Hi guys, Saphira here. I have a question about spawning bettas.
what do I do with all of the babies if I hatch more than I can house?
I am thinking about breeding mine.
(sorry if this seems like a really stupid question, I'm new here.)
thanks, -Saphira


----------



## vilmarisv (Apr 17, 2010)

Here is where selecting a good pair of fish to spawn is very important. Why? Because very little people would want to buy or even be gifted petstore quality bettas... pretty things sell!
Considering you can have anywhere between 0 to 300 fish in a single spawn you really have to think long and hard if breeding bettas is for you. 
Each of those fish will need daily water changes from the moment you jar them which can happen at 5 weeks or 10 weeks. 
It's a LOT of work but very rewarding when you are prepared and your fish turn out nicely. 
Currently I'm dealing with this. I spawned the male in my avatar in August and have 80+ (almost) 3 month olds who are in need of new homes. 
I can sell mine, not for much, but their parents were bred by the IBC champion breeder and they have caught the attention of some people. 

Some members take them to petstores which (if they accept them at all) will either give you store credit or buy the fish from you. 

Before you do anything RESEARCH, RESEARCH, RESEARCH. You will need to prepare with fry foods, good spawning setups, lots and lots of jars, and be willing to dedicate a few hours a day for the next 3-4 months to your fish. 

Breeding should not be taken lightly because is a big responsibility.

Good luck, welcome to the group, and feel free to ask any questions


----------



## Sena Hansler (Aug 24, 2011)

Hi! Glad to see someone who is asking questions about breeding.

I will tell you this much... You may have anywhere between 1 and 200 survive. I currently have 150+ at 4 weeks old, and most are massive in size! Soon I have to move the females to a grow out tank (luckily found a cheap one today...) and eventually the males will be jarred.

There is a ton of research, but please don't hurt your brain overdoing it. Every method is different, and every betta fish is different. Most people started out with pet store bettas... Heck, I did too! And now I am breeding better quality. Which do I prefer? Better quality. I find less complications, and plus just that extra 10-40 dollars put out on a decent pair has people lined up for fry from any spawn! 

I also took in mind I am in Canada. Not many betta breeders here. Many people were thrilled they were going to find someone who could give them quality, for a decent price. I also asked around, seeing what people would like to have... In terms of colors, tail types, etc. Because of that my next spawn is not going to be a doubletail spawn, but a crowntail spawn!

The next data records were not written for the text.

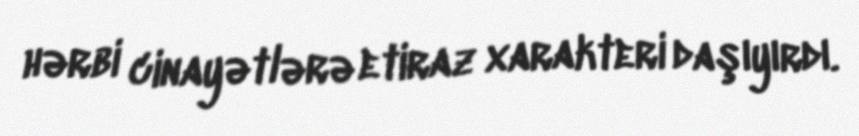
hərbi cinayətlərə etiraz xarakteri daşıyırdı.
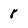
Character: 8
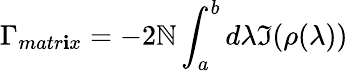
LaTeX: \Gamma_{matr\mathbf{i}x}=-2\mathbb{N}\int_{a}^{b}d\lambda\Im(\rho(\lambda))
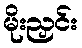
မိုးညှင်း
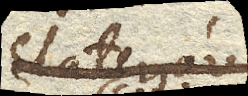
Elateriove
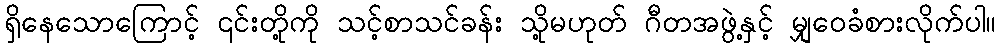
ရှိနေသောကြောင့် ၎င်းတို့ကို သင့်စာသင်ခန်း သို့မဟုတ် ဂီတအဖွဲ့နှင့် မျှဝေခံစားလိုက်ပါ။
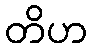
တိဟ
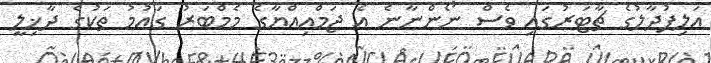
އަލިފުދާލުގެ ޗާޓަރުގައި ވެސް ނޯންނާނެ އެ ޖަމްއިއްޔާގެ މެމްބަރު ގައުމު ތަކުގެ ދާޚިލީ
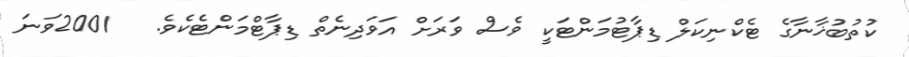
ކުތުބުޚާނާގެ ޓެކްނިކަލް ޑިޕާޓުމަންޓަކީ ވެސް ވަރަށް އަވަދިނެތް ޑިޕާޓްމަންޓެކެވެ.   2001ވަނަ
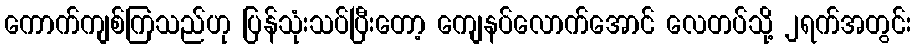
ကောက်ကျစ်ကြသည်ဟု ပြန်သုံးသပ်ပြီးတော့ ကျေနပ်လောက်အောင် လေတပ်သို့ ၂ရက်အတွင်း
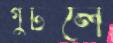
গুটলে
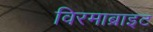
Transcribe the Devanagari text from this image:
विरमाब्राइट
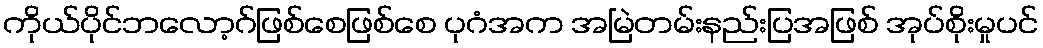
ကိုယ်ပိုင်ဘလော့ဂ်ဖြစ်စေဖြစ်စေ ပုဂံအက အမြဲတမ်းနည်းပြအဖြစ် အုပ်စိုးမှုပင်
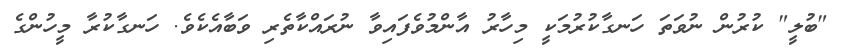
"ބުލީ" ކުރުން ނުވަތަ ހަނގާކުރުމަކީ މިހާރު އާންމުވެފައިވާ ނުރައްކާތެރި ވަބާއެކެވެ. ހަނގާކުރާ މީހުންގެ
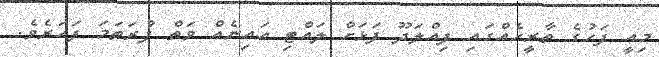
މިއީ ފަހުގެ ތާރީހެއްގައި ފިއްލަދޫ ފަޅަށް ލައްޓި އައިނެއް ވަތް ފުރަތަމަ ފަހަރެވެ.
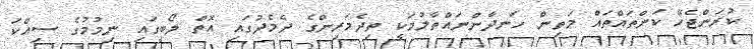
ކުރަންޖެހޭ ކަންތައްތައް މަތިން ހަނދާންނައްތާލުމަކީ ތިދެމަރިންގެ ދެމެދުގައި އޮތް ލޯބީގައި ނިމުމުގެ ސިއްކަ
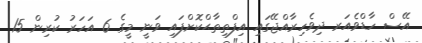
އޭސް ހާޑްވެއަރ ދިވެހިރާއްޖޭގައި އިފްތިތާޙްކޮށްފައި ވަނީ މީގެ 6 އަހަރު ކުރިން 15
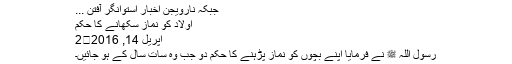
جبکہ نارویجن اخبار استوانگر آفتن ...
اولاد کو نماز سکھانے کا حکم
اپریل 14, 2016	2
رسول اللہ ﷺ نے فرمایا اپنے بچوں کو نماز پڑہنے کا حکم دو جب وہ سات سال کے ہو جائیں۔
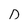
Character: D
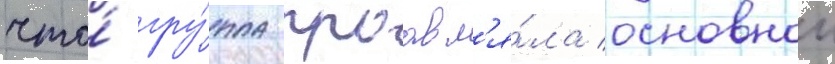
что́ гру́ппа проавл'я́ла основнои
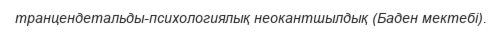
транцендетальды-психологиялық неокантшылдық (Баден мектебі).
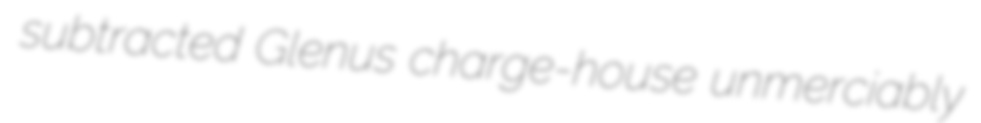
subtracted Glenus charge-house unmerciably

And there are NO stupid questions.

If you find you have limited space, and many fry you may need to consider culling. Keep only the best of the best fry. Ones with the achieved coloring, finnage, size, etc... Sometimes it is hard, but there are times you should.

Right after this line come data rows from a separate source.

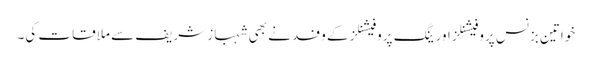
خواتین بزنس پروفیشنلز اور ینگ پروفیشنلز کے وفد نے بھی شہباز شریف سے ملاقات کی۔
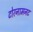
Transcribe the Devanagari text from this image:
टोरनामनट
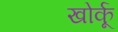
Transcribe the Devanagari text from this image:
खोर्कू
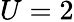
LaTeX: U=2
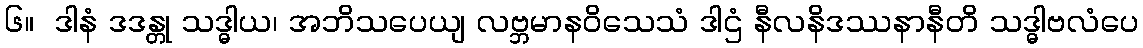
၆။  ဒါနံ ဒဒန္တု သဒ္ဓါယ၊ အဘိသပေယျ လဗ္ဘမာနဝိသေသံ ဒါဌံ နီလနိဒဿနာနီတိ သဒ္ဓါဗလံပေ
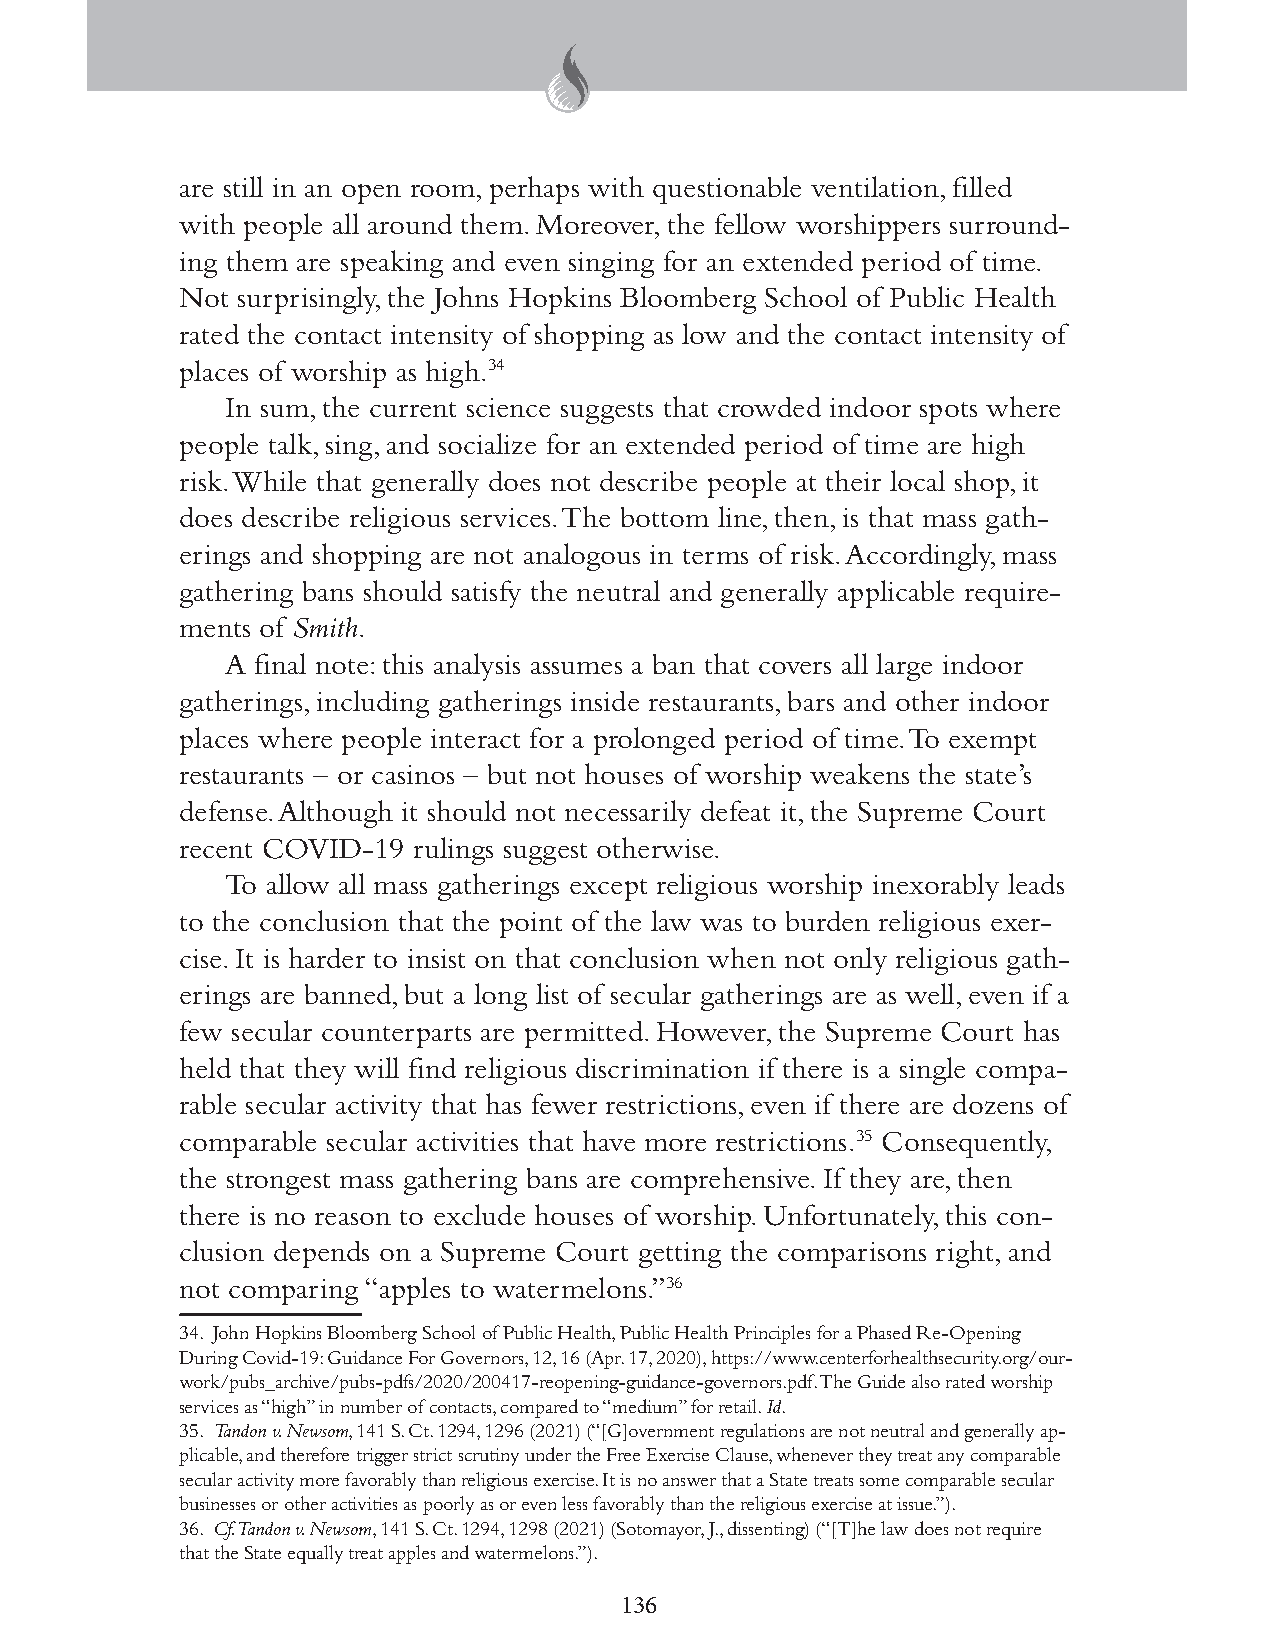
are still in an open room, perhaps with questionable ventilation, filled
 with people all around them. Moreover, the fellow worshippers surround-
 ing them are speaking and even singing for an extended period of time.
 Not surprisingly, the Johns Hopkins Bloomberg School of Public Health
 rated the contact intensity of shopping as low and the contact intensity of
 places of worship as high.34
 In sum, the current science suggests that crowded indoor spots where
 people talk, sing, and socialize for an extended period of time are high
 risk. While that generally does not describe people at their local shop, it
 does describe religious services. The bottom line, then, is that mass gath-
 erings and shopping are not analogous in terms of risk. Accordingly, mass
 gathering bans should satisfy the neutral and generally applicable require-
 ments of Smith.
 A final note: this analysis assumes a ban that covers all large indoor
 gatherings, including gatherings inside restaurants, bars and other indoor
 places where people interact for a prolonged period of time. To exempt
 restaurants – or casinos – but not houses of worship weakens the state’s
 defense. Although it should not necessarily defeat it, the Supreme Court
 recent COVID-19 rulings suggest otherwise.
 To allow all mass gatherings except religious worship inexorably leads
 to the conclusion that the point of the law was to burden religious exer-
 cise. It is harder to insist on that conclusion when not only religious gath-
 erings are banned, but a long list of secular gatherings are as well, even if a
 few secular counterparts are permitted. However, the Supreme Court has
 held that they will find religious discrimination if there is a single compa-
 rable secular activity that has fewer restrictions, even if there are dozens of
 comparable secular activities that have more restrictions.35 Consequently,
 the strongest mass gathering bans are comprehensive. If they are, then
 there is no reason to exclude houses of worship. Unfortunately, this con-
 clusion depends on a Supreme Court getting the comparisons right, and
 not comparing “apples to watermelons.”36
 34. John Hopkins Bloomberg School of Public Health, Public Health Principles for a Phased Re-Opening
 During Covid-19: Guidance For Governors, 12, 16 (Apr. 17, 2020), https://www.centerforhealthsecurity.org/our-
 work/pubs_archive/pubs-pdfs/2020/200417-reopening-guidance-governors.pdf. The Guide also rated worship
 services as “high” in number of contacts, compared to “medium” for retail. Id.
 35. Tandon v. Newsom, 141 S. Ct. 1294, 1296 (2021) (“[G]overnment regulations are not neutral and generally ap-
 plicable, and therefore trigger strict scrutiny under the Free Exercise Clause, whenever they treat any comparable
 secular activity more favorably than religious exercise. It is no answer that a State treats some comparable secular
 businesses or other activities as poorly as or even less favorably than the religious exercise at issue.”).
 36. Cf. Tandon v. Newsom, 141 S. Ct. 1294, 1298 (2021) (Sotomayor, J., dissenting) (“[T]he law does not require
 that the State equally treat apples and watermelons.”).
 136

Where to sell: Like I mentioned, I asked around. Make sure you are going to be able to give what people want. 1/10 here want veiltail. 5/10 want crowntail. 4/10 want dumbos. I wouldn't breed veiltail! Also remember fish stores might take some of the fish, but not always. 

Do not expect profit for the first few spawns... Between getting set up, getting live foods (I highly recommend live fry food), jars, plus getting yourself comfortable and ready for such a task you will spend lots of time and a good amount of money.

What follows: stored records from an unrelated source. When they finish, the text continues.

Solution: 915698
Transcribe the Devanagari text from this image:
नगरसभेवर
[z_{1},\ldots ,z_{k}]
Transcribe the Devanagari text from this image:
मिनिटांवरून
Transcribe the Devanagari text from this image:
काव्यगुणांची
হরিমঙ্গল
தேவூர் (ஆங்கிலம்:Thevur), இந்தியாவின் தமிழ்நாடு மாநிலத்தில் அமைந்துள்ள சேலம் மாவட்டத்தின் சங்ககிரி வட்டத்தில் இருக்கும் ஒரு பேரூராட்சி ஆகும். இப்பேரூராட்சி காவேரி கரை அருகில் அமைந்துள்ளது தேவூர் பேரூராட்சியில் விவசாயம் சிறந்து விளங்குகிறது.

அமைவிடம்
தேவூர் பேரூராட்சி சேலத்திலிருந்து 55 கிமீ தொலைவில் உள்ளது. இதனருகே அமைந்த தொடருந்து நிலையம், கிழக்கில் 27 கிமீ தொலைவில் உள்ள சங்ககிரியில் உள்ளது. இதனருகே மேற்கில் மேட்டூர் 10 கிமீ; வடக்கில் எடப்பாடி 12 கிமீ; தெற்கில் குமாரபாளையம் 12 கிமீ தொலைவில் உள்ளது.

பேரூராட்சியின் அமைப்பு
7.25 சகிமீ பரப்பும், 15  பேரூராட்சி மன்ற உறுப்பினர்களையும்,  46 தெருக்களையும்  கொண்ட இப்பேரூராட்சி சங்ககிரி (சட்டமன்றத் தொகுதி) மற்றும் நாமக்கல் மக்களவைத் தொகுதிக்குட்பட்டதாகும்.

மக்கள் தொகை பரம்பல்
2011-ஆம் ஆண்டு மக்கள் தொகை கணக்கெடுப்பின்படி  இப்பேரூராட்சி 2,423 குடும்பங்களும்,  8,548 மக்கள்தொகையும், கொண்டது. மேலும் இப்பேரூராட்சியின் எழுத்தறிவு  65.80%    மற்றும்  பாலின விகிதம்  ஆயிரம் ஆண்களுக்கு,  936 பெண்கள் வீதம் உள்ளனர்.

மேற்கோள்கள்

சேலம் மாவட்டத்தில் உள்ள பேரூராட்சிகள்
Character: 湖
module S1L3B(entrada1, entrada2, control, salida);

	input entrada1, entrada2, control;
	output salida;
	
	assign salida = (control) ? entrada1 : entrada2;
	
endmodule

But also remember you do not need to be spending hundreds on a spawn! Think ahead! Perhaps check out garage sales, kijiji, sales in stores... Ask around, post "wanted" ads, check out second hand shops. Best of all, collect things here and there for up to a year... Rather then delving immediately.

If you need any help, ask more questions! We will help you every step of the way, if you need.


----------